Answer
a) $\underline{\color{red}{\text{ Gamma decay }}}$
b) $\underline{\color{red}{\text{ $\beta^-$ decay }}}$
c) $\underline{\color{red}{\text{ None}}}$
Work Step by Step
Let's analyze each of the nuclei in the given figure and determine the possible decay processes based on the arrangement of protons and neutrons.
$$\color{blue}{\bf [a]}$$
In the first diagram (a), we can observe that one of the protons is in an excited state, occupying a higher energy level ($n = 3$) than the ground state ($n = 2$). Since this proton is in an excited state, gamma decay is possible. $\underline{\color{red}{\text{ Gamma decay }}}$ occurs when an excited nucleon (proton or neutron) drops to a lower energy level by emitting a gamma photon.

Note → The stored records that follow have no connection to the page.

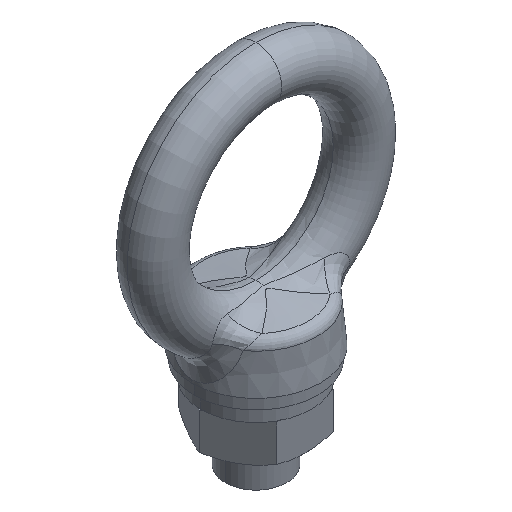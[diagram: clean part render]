
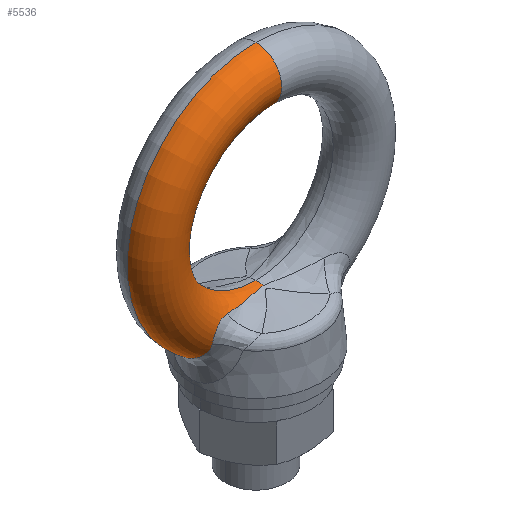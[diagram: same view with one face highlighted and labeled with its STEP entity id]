
A CAD part, isometric view. The second image highlights one B-rep face of the part: STEP entity #5536.
In plain terms, the highlighted toroidal (fillet/blend) face has major radius 20 mm and minor radius 5 mm.
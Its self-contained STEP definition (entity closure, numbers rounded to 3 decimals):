
#1214 = CARTESIAN_POINT ( 'NONE',  ( -14.862, 0., -20.103 ) ) ;
#1215 = DIRECTION ( 'NONE',  ( 0., 0., -1. ) ) ;
#1216 = DIRECTION ( 'NONE',  ( 0., -1., 0. ) ) ;
#1217 = CARTESIAN_POINT ( 'NONE',  ( 0., 0., 0. ) ) ;
#1218 = AXIS2_PLACEMENT_3D ( 'NONE', #1217, #1216, #1215 ) ;
#1219 = CIRCLE ( 'NONE', #1218, 25. ) ;
#1220 = CARTESIAN_POINT ( 'NONE',  ( 0., 0., 15. ) ) ;
#1221 = DIRECTION ( 'NONE',  ( 0., 0., -1. ) ) ;
#1222 = DIRECTION ( 'NONE',  ( 1., 0., 0. ) ) ;
#1223 = CARTESIAN_POINT ( 'NONE',  ( 0., 0., 20. ) ) ;
#1224 = AXIS2_PLACEMENT_3D ( 'NONE', #1223, #1222, #1221 ) ;
#1225 = CIRCLE ( 'NONE', #1224, 5. ) ;
#1340 = DIRECTION ( 'NONE',  ( 0., 0., -1. ) ) ;
#1341 = DIRECTION ( 'NONE',  ( 0., -1., 0. ) ) ;
#1342 = CARTESIAN_POINT ( 'NONE',  ( 0., 0., 0. ) ) ;
#1343 = AXIS2_PLACEMENT_3D ( 'NONE', #1342, #1341, #1340 ) ;
#1344 = CIRCLE ( 'NONE', #1343, 15. ) ;
#1346 = CARTESIAN_POINT ( 'NONE',  ( 0., 0., -15. ) ) ;
#1347 = DIRECTION ( 'NONE',  ( 0., 0., 1. ) ) ;
#1348 = DIRECTION ( 'NONE',  ( -1., 0., 0. ) ) ;
#1349 = CARTESIAN_POINT ( 'NONE',  ( 0., -1.397, -15.199 ) ) ;
#1350 = CARTESIAN_POINT ( 'NONE',  ( -0.41, -1.397, -15.199 ) ) ;
#1351 = CARTESIAN_POINT ( 'NONE',  ( -0.818, -1.46, -15.2 ) ) ;
#1352 = CARTESIAN_POINT ( 'NONE',  ( -1.621, -1.631, -15.192 ) ) ;
#1353 = CARTESIAN_POINT ( 'NONE',  ( -2.017, -1.736, -15.181 ) ) ;
#1354 = CARTESIAN_POINT ( 'NONE',  ( -3.202, -2.06, -15.123 ) ) ;
#1355 = CARTESIAN_POINT ( 'NONE',  ( -3.986, -2.292, -15.049 ) ) ;
#1356 = CARTESIAN_POINT ( 'NONE',  ( -5.545, -2.754, -14.835 ) ) ;
#1357 = CARTESIAN_POINT ( 'NONE',  ( -6.319, -2.985, -14.695 ) ) ;
#1358 = CARTESIAN_POINT ( 'NONE',  ( -7.858, -3.439, -14.368 ) ) ;
#1359 = CARTESIAN_POINT ( 'NONE',  ( 0., 0., -20. ) ) ;
#1360 = AXIS2_PLACEMENT_3D ( 'NONE', #1359, #1348, #1347 ) ;
#1361 = CIRCLE ( 'NONE', #1360, 5. ) ;
#1369 = B_SPLINE_CURVE_WITH_KNOTS ( 'NONE', 3,
 ( #1371, #1370, #1358, #1357, #1356, #1355, #1354, #1353, #1352, #1351, #1350, #1349 ),
 .UNSPECIFIED., .F., .F.,
 ( 4, 2, 2, 2, 2, 4 ),
 ( 0., 0.002, 0.005, 0.007, 0.009, 0.01 ),
 .UNSPECIFIED. ) ;
#1370 = CARTESIAN_POINT ( 'NONE',  ( -8.623, -3.661, -14.179 ) ) ;
#1371 = CARTESIAN_POINT ( 'NONE',  ( -9.389, -3.872, -13.976 ) ) ;
#2514 = CARTESIAN_POINT ( 'NONE',  ( -14.071, -3.296, -19.158 ) ) ;
#2515 = CARTESIAN_POINT ( 'NONE',  ( -14.27, -2.858, -19.436 ) ) ;
#2516 = CARTESIAN_POINT ( 'NONE',  ( -14.365, -2.625, -19.555 ) ) ;
#2517 = CARTESIAN_POINT ( 'NONE',  ( -14.535, -2.141, -19.756 ) ) ;
#2518 = CARTESIAN_POINT ( 'NONE',  ( -14.61, -1.889, -19.839 ) ) ;
#2519 = CARTESIAN_POINT ( 'NONE',  ( -14.733, -1.365, -19.972 ) ) ;
#2520 = CARTESIAN_POINT ( 'NONE',  ( -14.782, -1.094, -20.021 ) ) ;
#2521 = CARTESIAN_POINT ( 'NONE',  ( -14.846, -0.551, -20.086 ) ) ;
#2522 = CARTESIAN_POINT ( 'NONE',  ( -9.389, -3.872, -13.976 ) ) ;
#2523 = B_SPLINE_CURVE_WITH_KNOTS ( 'NONE', 3,
 ( #2572, #2571, #2570, #2569, #2568, #2567, #2566, #2565, #2564, #2563, #2562, #2561, #2560, #2559, #2558, #2557, #2556, #2555, #2554, #2553 ),
 .UNSPECIFIED., .F., .F.,
 ( 4, 2, 2, 2, 2, 2, 2, 2, 2, 4 ),
 ( 0., 0.001, 0.001, 0.002, 0.003, 0.003, 0.004, 0.004, 0.005, 0.006 ),
 .UNSPECIFIED. ) ;
#2524 = CARTESIAN_POINT ( 'NONE',  ( 0., -1.397, -15.199 ) ) ;
#2525 = CARTESIAN_POINT ( 'NONE',  ( -14.862, -0.277, -20.103 ) ) ;
#2526 = CARTESIAN_POINT ( 'NONE',  ( -14.862, 0., -20.103 ) ) ;
#2527 = CARTESIAN_POINT ( 'NONE',  ( -13.319, -4.806, -16.721 ) ) ;
#2528 = B_SPLINE_CURVE_WITH_KNOTS ( 'NONE', 3,
 ( #2526, #2525, #2521, #2520, #2519, #2518, #2517, #2516, #2515, #2514, #2585, #2584, #2583, #2582, #2581, #2580, #2579, #2578, #2577, #2576 ),
 .UNSPECIFIED., .F., .F.,
 ( 4, 2, 2, 2, 2, 2, 2, 2, 2, 4 ),
 ( 0.007, 0.007, 0.008, 0.009, 0.01, 0.011, 0.011, 0.012, 0.012, 0.013 ),
 .UNSPECIFIED. ) ;
#2553 = CARTESIAN_POINT ( 'NONE',  ( -9.389, -3.872, -13.976 ) ) ;
#2554 = CARTESIAN_POINT ( 'NONE',  ( -9.623, -3.937, -13.914 ) ) ;
#2555 = CARTESIAN_POINT ( 'NONE',  ( -9.858, -4.007, -13.86 ) ) ;
#2556 = CARTESIAN_POINT ( 'NONE',  ( -10.326, -4.157, -13.78 ) ) ;
#2557 = CARTESIAN_POINT ( 'NONE',  ( -10.56, -4.236, -13.753 ) ) ;
#2558 = CARTESIAN_POINT ( 'NONE',  ( -11.03, -4.402, -13.747 ) ) ;
#2559 = CARTESIAN_POINT ( 'NONE',  ( -11.268, -4.49, -13.768 ) ) ;
#2560 = CARTESIAN_POINT ( 'NONE',  ( -11.612, -4.617, -13.855 ) ) ;
#2561 = CARTESIAN_POINT ( 'NONE',  ( -11.726, -4.658, -13.893 ) ) ;
#2562 = CARTESIAN_POINT ( 'NONE',  ( -11.944, -4.736, -13.988 ) ) ;
#2563 = CARTESIAN_POINT ( 'NONE',  ( -12.048, -4.773, -14.045 ) ) ;
#2564 = CARTESIAN_POINT ( 'NONE',  ( -12.348, -4.872, -14.245 ) ) ;
#2565 = CARTESIAN_POINT ( 'NONE',  ( -12.53, -4.925, -14.42 ) ) ;
#2566 = CARTESIAN_POINT ( 'NONE',  ( -12.831, -4.99, -14.819 ) ) ;
#2567 = CARTESIAN_POINT ( 'NONE',  ( -12.95, -5.003, -15.037 ) ) ;
#2568 = CARTESIAN_POINT ( 'NONE',  ( -13.139, -4.995, -15.503 ) ) ;
#2569 = CARTESIAN_POINT ( 'NONE',  ( -13.207, -4.974, -15.747 ) ) ;
#2570 = CARTESIAN_POINT ( 'NONE',  ( -13.296, -4.907, -16.232 ) ) ;
#2571 = CARTESIAN_POINT ( 'NONE',  ( -13.317, -4.862, -16.476 ) ) ;
#2572 = CARTESIAN_POINT ( 'NONE',  ( -13.319, -4.806, -16.721 ) ) ;
#2576 = CARTESIAN_POINT ( 'NONE',  ( -13.319, -4.806, -16.721 ) ) ;
#2577 = CARTESIAN_POINT ( 'NONE',  ( -13.321, -4.745, -16.995 ) ) ;
#2578 = CARTESIAN_POINT ( 'NONE',  ( -13.346, -4.664, -17.264 ) ) ;
#2579 = CARTESIAN_POINT ( 'NONE',  ( -13.439, -4.457, -17.771 ) ) ;
#2580 = CARTESIAN_POINT ( 'NONE',  ( -13.507, -4.333, -18.008 ) ) ;
#2581 = CARTESIAN_POINT ( 'NONE',  ( -13.632, -4.11, -18.339 ) ) ;
#2582 = CARTESIAN_POINT ( 'NONE',  ( -13.677, -4.03, -18.445 ) ) ;
#2583 = CARTESIAN_POINT ( 'NONE',  ( -13.771, -3.863, -18.644 ) ) ;
#2584 = CARTESIAN_POINT ( 'NONE',  ( -13.82, -3.774, -18.737 ) ) ;
#2585 = CARTESIAN_POINT ( 'NONE',  ( -13.968, -3.497, -19.002 ) ) ;
#2632 = CARTESIAN_POINT ( 'NONE',  ( 0., 0., 25. ) ) ;
#2633 = DIRECTION ( 'NONE',  ( 0., 0., -1. ) ) ;
#2634 = DIRECTION ( 'NONE',  ( 0., -1., 0. ) ) ;
#2635 = AXIS2_PLACEMENT_3D ( 'NONE', #2637, #2634, #2633 ) ;
#2636 = TOROIDAL_SURFACE ( 'NONE', #2635, 20., 5. ) ;
#2637 = CARTESIAN_POINT ( 'NONE',  ( 0., 0., 0. ) ) ;
#2638 = FACE_OUTER_BOUND ( 'NONE', #5537, .T. ) ;
#5447 = EDGE_CURVE ( 'NONE', #5539, #5448, #1225, .T. ) ;
#5448 = VERTEX_POINT ( 'NONE', #1220 ) ;
#5449 = ORIENTED_EDGE ( 'NONE', *, *, #5450, .T. ) ;
#5450 = EDGE_CURVE ( 'NONE', #5539, #5451, #1219, .T. ) ;
#5451 = VERTEX_POINT ( 'NONE', #1214 ) ;
#5514 = ORIENTED_EDGE ( 'NONE', *, *, #5515, .T. ) ;
#5515 = EDGE_CURVE ( 'NONE', #5451, #5516, #2528, .T. ) ;
#5516 = VERTEX_POINT ( 'NONE', #2527 ) ;
#5517 = ORIENTED_EDGE ( 'NONE', *, *, #5518, .T. ) ;
#5518 = EDGE_CURVE ( 'NONE', #5516, #5519, #2523, .T. ) ;
#5519 = VERTEX_POINT ( 'NONE', #2522 ) ;
#5520 = VERTEX_POINT ( 'NONE', #2524 ) ;
#5536 = ADVANCED_FACE ( 'NONE', ( #2638 ), #2636, .T. ) ;
#5537 = EDGE_LOOP ( 'NONE', ( #5538, #5449, #5514, #5517, #5564, #5566, #5569 ) ) ;
#5538 = ORIENTED_EDGE ( 'NONE', *, *, #5447, .F. ) ;
#5539 = VERTEX_POINT ( 'NONE', #2632 ) ;
#5564 = ORIENTED_EDGE ( 'NONE', *, *, #5565, .T. ) ;
#5565 = EDGE_CURVE ( 'NONE', #5519, #5520, #1369, .T. ) ;
#5566 = ORIENTED_EDGE ( 'NONE', *, *, #5567, .T. ) ;
#5567 = EDGE_CURVE ( 'NONE', #5520, #5568, #1361, .T. ) ;
#5568 = VERTEX_POINT ( 'NONE', #1346 ) ;
#5569 = ORIENTED_EDGE ( 'NONE', *, *, #5570, .F. ) ;
#5570 = EDGE_CURVE ( 'NONE', #5448, #5568, #1344, .T. ) ;

In this case, the excited proton can undergo gamma decay and drop from the $n = 3$ level to the $n = 2$ level, emitting a gamma photon in the process.
$$\color{blue}{\bf [b]}$$
In the second diagram (b), there is an imbalance between the number of neutrons and protons. There are more neutrons than protons, which means the nucleus is neutron-rich. $\underline{\color{red}{\text{ $\beta^-$ decay }}}$ is a process that occurs in neutron-rich nuclei, where a neutron transforms into a proton, emitting an electron (beta particle) and an antineutrino. In this case, beta-minus decay can occur to change one of the neutrons into a protonز
$$\color{blue}{\bf [c]}$$
In the third diagram (c), all nucleons are in their ground-state energy levels. Since there are no excited nucleons. So, $\underline{\color{red}{\text{ there is no decay allowed}}}$. This configuration is stable, meaning there is no need for the nucleus to undergo any decay process.